Hayyamin siirlerinde temel konu, ötedünya ahiret degil, icinde yasanan, henüz duyularla özümsenen ve algilanan evrendir.
Evrene gercekci bir acidan bakar. Onun icin yasamin asil amaci mutlu olmak, usla bagdasmayan her türlü inanc ve gelenegin etkisinden kurtulmaktir.
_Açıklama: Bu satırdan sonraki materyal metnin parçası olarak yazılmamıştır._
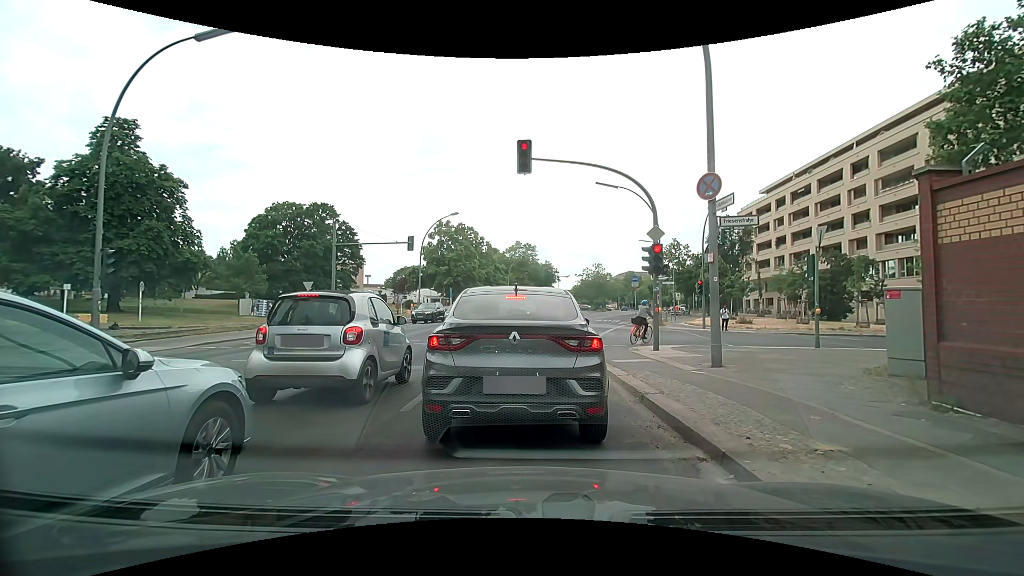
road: secondary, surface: asphalt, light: Day
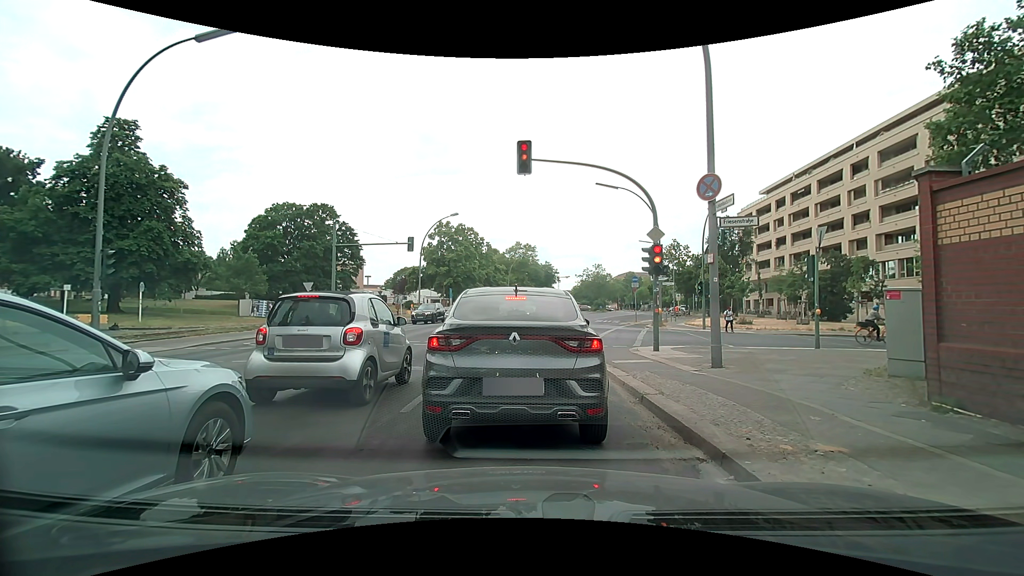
(0.0, +0.1) m; 0°
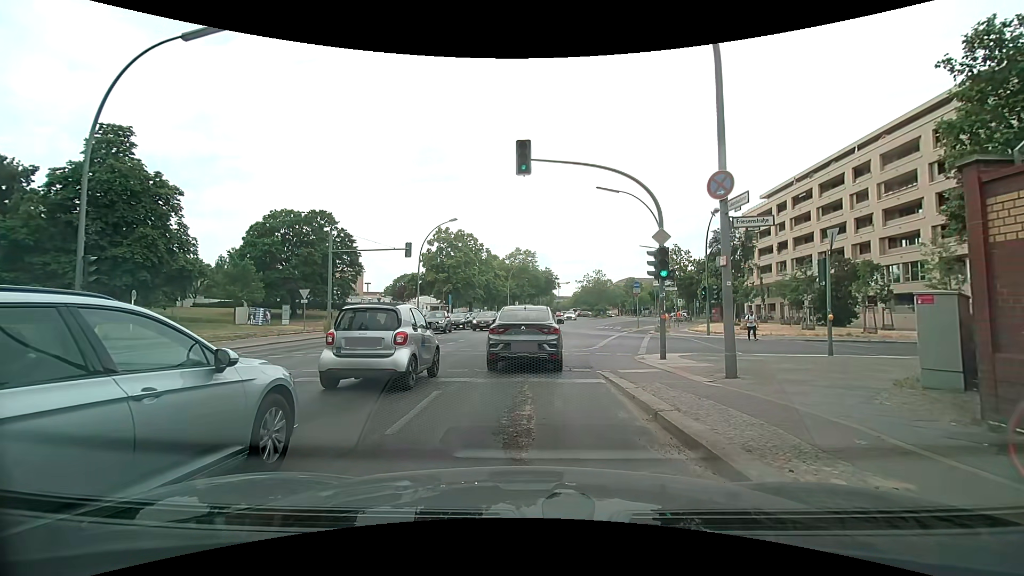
(0.0, +0.8) m; 0°
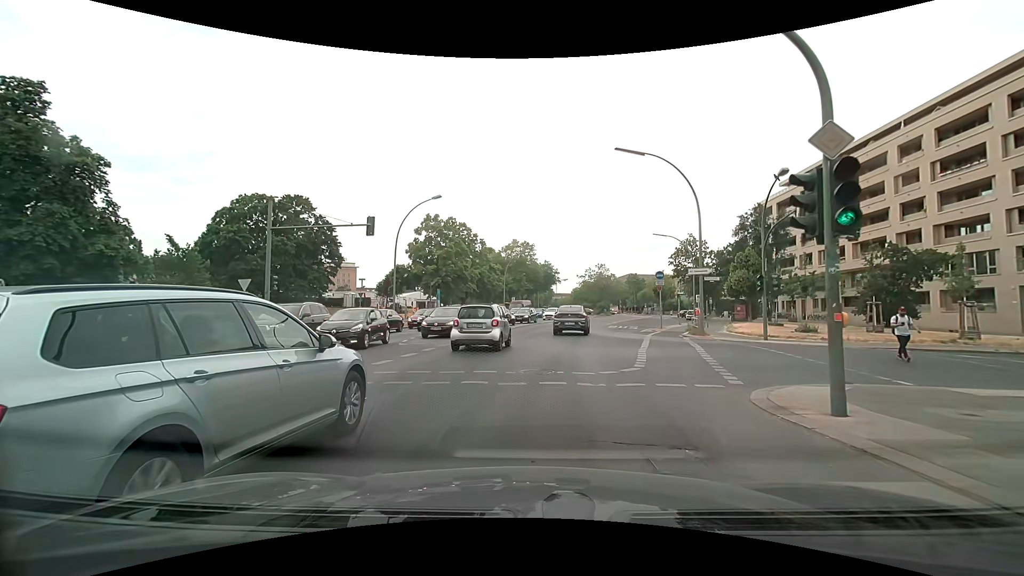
(+0.1, +8.4) m; +2°
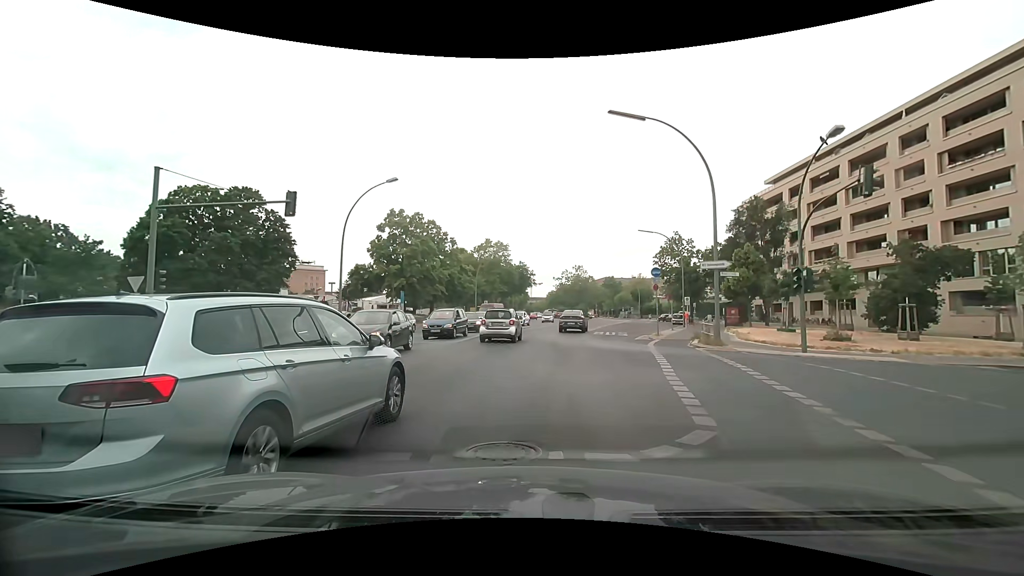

Mutluluk, sevgi, dostluk, baris ve insani sorunlar temel cizgisini olusturur Seriatin öngördügü ötedünya, Tanrisal evren, ölümden sonra yasam ve dirilme, yargi günü, hep birer vesveseden, kuruntudan baska bir sey degildir, diye düsünür ve siirlerinde bunu dile getirir. Insan aklini kullanarak; onun isiginda yürüyerek, varlik-yokluk kaygisindan kurtulmali, ötedünyayi degil, kendini bilmelidir. Bu evrendeki yasam gecicidir. Insan yeryüzüne ancak bir kez gelir.
Bu nedenle, yasamin tadini cikarmali, elinden geldigince, mutlu olmanin yollarini aramalidir.
Hayyama göre; insani Tanri yaratmis ve onu yazginin denetimi altina vermisse; eylemlerinde suc aramanin hic geregi yoktur. Cünkü insan ancak özgür istenciyle yaptigi seylerden, us ilkelerine göre davranislarindan sorumlu tutulabilir. Elinde olmayan yalnizca yazginin kader yapisi geregi olusturulan islerden dolayi kisiyi sorumlu tutmak, suclu saymak Ulu Tanriya yakismaz. Tüm evreni ve onun icinde insanin yararlandigi varliklari; Tanri yaratmissa; onlarda suc aramanin da geregi yoktur. Sarabin yapildigi üzümü yaratan Tanrinin, sarabi icen insani günahkar saymasi, Tanrisal adaletle hic bir bicimde bagdasmaz. Güzeli yaratan Tanri, onun sevilmesini de ister. Bunu büyük bir sekilde gerceklestirir. Bu nedenle sevmek, Tanrisal iradeye istence aykiri düsmez.